#### Task item:
From the entries below, copy every line where the string "vertices" appears.

Items from a data source
╭──

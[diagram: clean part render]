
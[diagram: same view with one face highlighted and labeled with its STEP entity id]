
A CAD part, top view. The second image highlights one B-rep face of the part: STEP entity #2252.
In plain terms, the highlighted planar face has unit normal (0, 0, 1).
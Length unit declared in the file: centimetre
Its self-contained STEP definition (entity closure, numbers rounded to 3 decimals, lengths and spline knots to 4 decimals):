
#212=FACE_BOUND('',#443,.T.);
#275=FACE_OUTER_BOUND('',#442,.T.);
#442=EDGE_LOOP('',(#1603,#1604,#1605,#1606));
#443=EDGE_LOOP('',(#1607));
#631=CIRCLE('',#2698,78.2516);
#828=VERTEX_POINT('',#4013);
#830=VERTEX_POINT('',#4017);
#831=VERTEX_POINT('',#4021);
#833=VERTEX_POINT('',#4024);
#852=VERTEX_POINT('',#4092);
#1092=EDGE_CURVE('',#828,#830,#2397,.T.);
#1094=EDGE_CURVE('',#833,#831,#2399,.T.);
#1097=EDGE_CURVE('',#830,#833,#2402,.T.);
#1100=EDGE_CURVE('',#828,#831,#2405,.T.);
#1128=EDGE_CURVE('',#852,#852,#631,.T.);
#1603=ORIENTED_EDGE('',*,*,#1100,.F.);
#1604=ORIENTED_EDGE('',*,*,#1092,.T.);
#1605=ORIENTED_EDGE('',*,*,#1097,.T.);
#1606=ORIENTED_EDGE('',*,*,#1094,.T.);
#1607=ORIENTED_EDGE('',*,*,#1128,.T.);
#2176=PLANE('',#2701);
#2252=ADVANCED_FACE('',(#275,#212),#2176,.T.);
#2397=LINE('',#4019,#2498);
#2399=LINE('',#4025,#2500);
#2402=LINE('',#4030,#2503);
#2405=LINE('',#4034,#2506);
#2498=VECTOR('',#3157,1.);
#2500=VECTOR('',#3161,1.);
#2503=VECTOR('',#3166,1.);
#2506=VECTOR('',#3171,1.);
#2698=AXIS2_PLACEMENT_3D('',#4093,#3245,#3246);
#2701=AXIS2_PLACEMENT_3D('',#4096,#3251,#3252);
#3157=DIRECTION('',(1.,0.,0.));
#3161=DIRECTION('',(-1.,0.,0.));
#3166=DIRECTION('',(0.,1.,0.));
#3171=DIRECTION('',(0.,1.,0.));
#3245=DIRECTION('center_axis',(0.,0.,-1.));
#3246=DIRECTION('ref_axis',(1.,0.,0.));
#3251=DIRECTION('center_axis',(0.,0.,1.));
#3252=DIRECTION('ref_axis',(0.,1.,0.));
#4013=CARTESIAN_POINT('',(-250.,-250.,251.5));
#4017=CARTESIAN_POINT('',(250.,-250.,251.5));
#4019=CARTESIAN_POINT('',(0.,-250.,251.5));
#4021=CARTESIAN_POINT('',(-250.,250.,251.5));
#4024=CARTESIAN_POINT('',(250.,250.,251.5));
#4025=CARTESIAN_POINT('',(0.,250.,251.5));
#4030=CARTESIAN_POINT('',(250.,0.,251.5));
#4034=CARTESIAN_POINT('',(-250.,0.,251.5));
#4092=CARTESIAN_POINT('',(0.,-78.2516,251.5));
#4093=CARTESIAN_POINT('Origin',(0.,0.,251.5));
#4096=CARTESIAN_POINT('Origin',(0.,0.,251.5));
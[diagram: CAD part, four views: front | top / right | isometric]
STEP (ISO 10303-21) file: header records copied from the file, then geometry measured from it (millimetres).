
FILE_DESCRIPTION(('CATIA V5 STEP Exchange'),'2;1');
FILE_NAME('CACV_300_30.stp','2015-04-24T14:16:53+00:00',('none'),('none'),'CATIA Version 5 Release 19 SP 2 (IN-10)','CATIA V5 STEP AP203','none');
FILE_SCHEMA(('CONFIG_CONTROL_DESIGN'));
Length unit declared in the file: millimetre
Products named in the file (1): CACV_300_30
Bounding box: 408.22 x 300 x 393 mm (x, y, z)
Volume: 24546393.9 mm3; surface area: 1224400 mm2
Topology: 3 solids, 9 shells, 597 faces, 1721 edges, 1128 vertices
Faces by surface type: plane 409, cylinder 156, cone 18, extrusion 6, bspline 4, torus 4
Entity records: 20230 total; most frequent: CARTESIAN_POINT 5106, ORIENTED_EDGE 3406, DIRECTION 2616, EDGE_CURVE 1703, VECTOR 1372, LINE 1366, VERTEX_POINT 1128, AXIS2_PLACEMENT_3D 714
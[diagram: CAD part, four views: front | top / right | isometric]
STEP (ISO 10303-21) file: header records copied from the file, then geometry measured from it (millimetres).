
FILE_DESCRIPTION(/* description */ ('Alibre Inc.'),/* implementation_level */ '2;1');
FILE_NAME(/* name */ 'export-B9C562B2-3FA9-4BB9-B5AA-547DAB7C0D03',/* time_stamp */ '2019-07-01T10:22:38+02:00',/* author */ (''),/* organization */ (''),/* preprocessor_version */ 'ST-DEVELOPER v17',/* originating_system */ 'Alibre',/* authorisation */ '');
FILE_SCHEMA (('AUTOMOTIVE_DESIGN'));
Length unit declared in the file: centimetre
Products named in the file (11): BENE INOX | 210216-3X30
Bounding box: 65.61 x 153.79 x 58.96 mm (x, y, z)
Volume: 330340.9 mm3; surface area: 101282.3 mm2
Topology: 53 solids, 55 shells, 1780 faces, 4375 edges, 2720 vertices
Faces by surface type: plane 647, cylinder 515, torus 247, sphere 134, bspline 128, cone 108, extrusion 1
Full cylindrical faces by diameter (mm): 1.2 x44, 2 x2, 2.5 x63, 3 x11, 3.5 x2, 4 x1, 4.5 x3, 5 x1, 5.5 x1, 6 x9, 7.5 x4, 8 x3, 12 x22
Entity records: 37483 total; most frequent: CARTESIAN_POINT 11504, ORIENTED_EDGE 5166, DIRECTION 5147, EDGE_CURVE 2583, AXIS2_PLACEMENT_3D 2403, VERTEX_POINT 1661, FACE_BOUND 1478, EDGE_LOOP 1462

╰──

#### Result of this exercise:
Topology: 3 solids, 9 shells, 597 faces, 1721 edges, 1128 vertices
Topology: 53 solids, 55 shells, 1780 faces, 4375 edges, 2720 vertices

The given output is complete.